Exercise:
Please reproduce the data exactly, excluding any pictures it contains.

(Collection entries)
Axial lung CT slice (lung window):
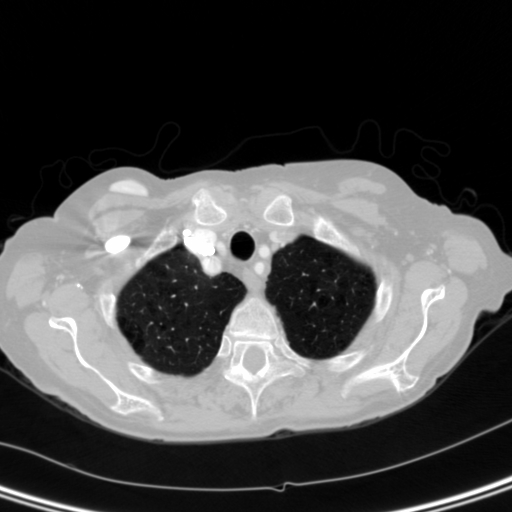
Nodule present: no
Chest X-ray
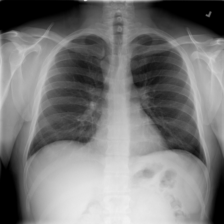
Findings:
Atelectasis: negative
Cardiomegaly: negative
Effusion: negative
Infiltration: negative
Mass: negative
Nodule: negative
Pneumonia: negative
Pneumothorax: negative
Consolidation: negative
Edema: negative
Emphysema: negative
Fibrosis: negative
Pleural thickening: negative
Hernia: negative
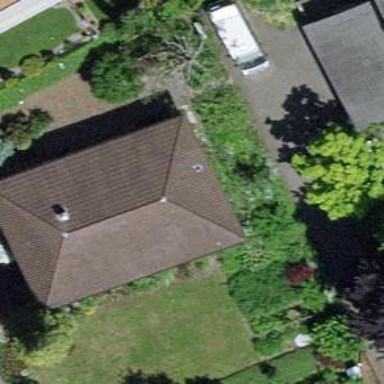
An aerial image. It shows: Detached building.
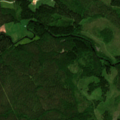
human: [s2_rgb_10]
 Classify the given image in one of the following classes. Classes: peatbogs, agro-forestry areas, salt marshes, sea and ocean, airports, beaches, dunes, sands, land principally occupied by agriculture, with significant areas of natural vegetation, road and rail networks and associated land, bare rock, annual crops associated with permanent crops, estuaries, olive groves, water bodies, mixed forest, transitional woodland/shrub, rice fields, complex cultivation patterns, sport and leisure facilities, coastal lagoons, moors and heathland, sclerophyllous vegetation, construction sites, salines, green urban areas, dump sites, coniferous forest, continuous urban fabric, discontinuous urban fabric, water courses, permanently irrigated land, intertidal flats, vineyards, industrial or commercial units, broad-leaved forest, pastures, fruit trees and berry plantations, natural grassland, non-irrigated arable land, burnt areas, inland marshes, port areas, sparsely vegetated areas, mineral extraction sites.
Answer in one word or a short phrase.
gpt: land principally occupied by agriculture, with significant areas of natural vegetation, coniferous forest, mixed forest, transitional woodland/shrub
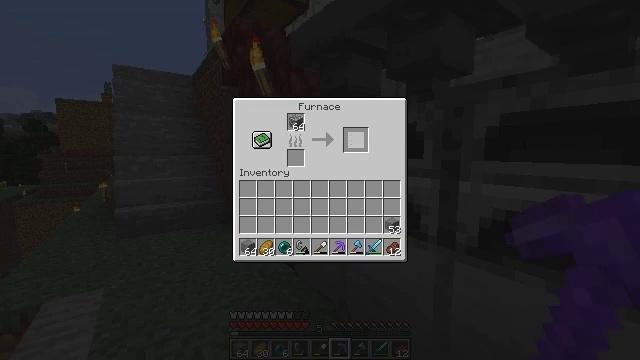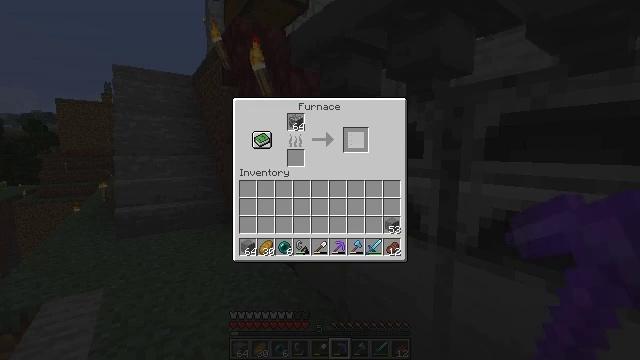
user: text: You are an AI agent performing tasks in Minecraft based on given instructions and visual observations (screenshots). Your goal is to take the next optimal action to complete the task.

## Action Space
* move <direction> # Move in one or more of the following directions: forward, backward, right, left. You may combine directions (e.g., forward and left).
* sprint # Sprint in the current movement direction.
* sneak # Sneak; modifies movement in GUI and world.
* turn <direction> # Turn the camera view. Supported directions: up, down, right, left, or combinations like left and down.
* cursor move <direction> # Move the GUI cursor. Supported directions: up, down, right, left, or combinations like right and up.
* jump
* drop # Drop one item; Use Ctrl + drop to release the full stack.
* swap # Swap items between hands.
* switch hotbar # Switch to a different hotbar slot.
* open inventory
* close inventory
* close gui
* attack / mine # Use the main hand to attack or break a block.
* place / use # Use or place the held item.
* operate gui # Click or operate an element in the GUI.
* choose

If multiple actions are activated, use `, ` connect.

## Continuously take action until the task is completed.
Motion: motion action
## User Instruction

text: Obtain stone by smelting cobblestone in the furnace.
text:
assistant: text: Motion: sneak
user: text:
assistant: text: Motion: sneak
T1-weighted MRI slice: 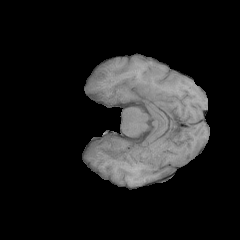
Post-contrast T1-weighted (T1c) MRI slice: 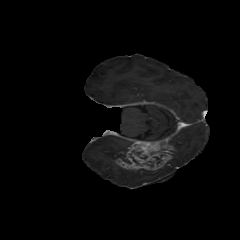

Result for this task:
Axial lung CT slice (lung window):
Nodule present: no
Chest X-ray
Findings:
Atelectasis: negative
Cardiomegaly: negative
Effusion: negative
Infiltration: negative
Mass: negative
Nodule: negative
Pneumonia: negative
Pneumothorax: negative
Consolidation: negative
Edema: negative
Emphysema: negative
Fibrosis: negative
Pleural thickening: negative
Hernia: negative
An aerial image. It shows: Detached building.
human: [s2_rgb_10]
 Classify the given image in one of the following classes. Classes: peatbogs, agro-forestry areas, salt marshes, sea and ocean, airports, beaches, dunes, sands, land principally occupied by agriculture, with significant areas of natural vegetation, road and rail networks and associated land, bare rock, annual crops associated with permanent crops, estuaries, olive groves, water bodies, mixed forest, transitional woodland/shrub, rice fields, complex cultivation patterns, sport and leisure facilities, coastal lagoons, moors and heathland, sclerophyllous vegetation, construction sites, salines, green urban areas, dump sites, coniferous forest, continuous urban fabric, discontinuous urban fabric, water courses, permanently irrigated land, intertidal flats, vineyards, industrial or commercial units, broad-leaved forest, pastures, fruit trees and berry plantations, natural grassland, non-irrigated arable land, burnt areas, inland marshes, port areas, sparsely vegetated areas, mineral extraction sites.
Answer in one word or a short phrase.
gpt: land principally occupied by agriculture, with significant areas of natural vegetation, coniferous forest, mixed forest, transitional woodland/shrub
user: text: You are an AI agent performing tasks in Minecraft based on given instructions and visual observations (screenshots). Your goal is to take the next optimal action to complete the task.

## Action Space
* move <direction> # Move in one or more of the following directions: forward, backward, right, left. You may combine directions (e.g., forward and left).
* sprint # Sprint in the current movement direction.
* sneak # Sneak; modifies movement in GUI and world.
* turn <direction> # Turn the camera view. Supported directions: up, down, right, left, or combinations like left and down.
* cursor move <direction> # Move the GUI cursor. Supported directions: up, down, right, left, or combinations like right and up.
* jump
* drop # Drop one item; Use Ctrl + drop to release the full stack.
* swap # Swap items between hands.
* switch hotbar # Switch to a different hotbar slot.
* open inventory
* close inventory
* close gui
* attack / mine # Use the main hand to attack or break a block.
* place / use # Use or place the held item.
* operate gui # Click or operate an element in the GUI.
* choose

If multiple actions are activated, use `, ` connect.

## Continuously take action until the task is completed.
Motion: motion action
## User Instruction

text: Obtain stone by smelting cobblestone in the furnace.
text:
assistant: text: Motion: sneak
user: text:
assistant: text: Motion: sneak
T1-weighted MRI slice: 
Post-contrast T1-weighted (T1c) MRI slice: 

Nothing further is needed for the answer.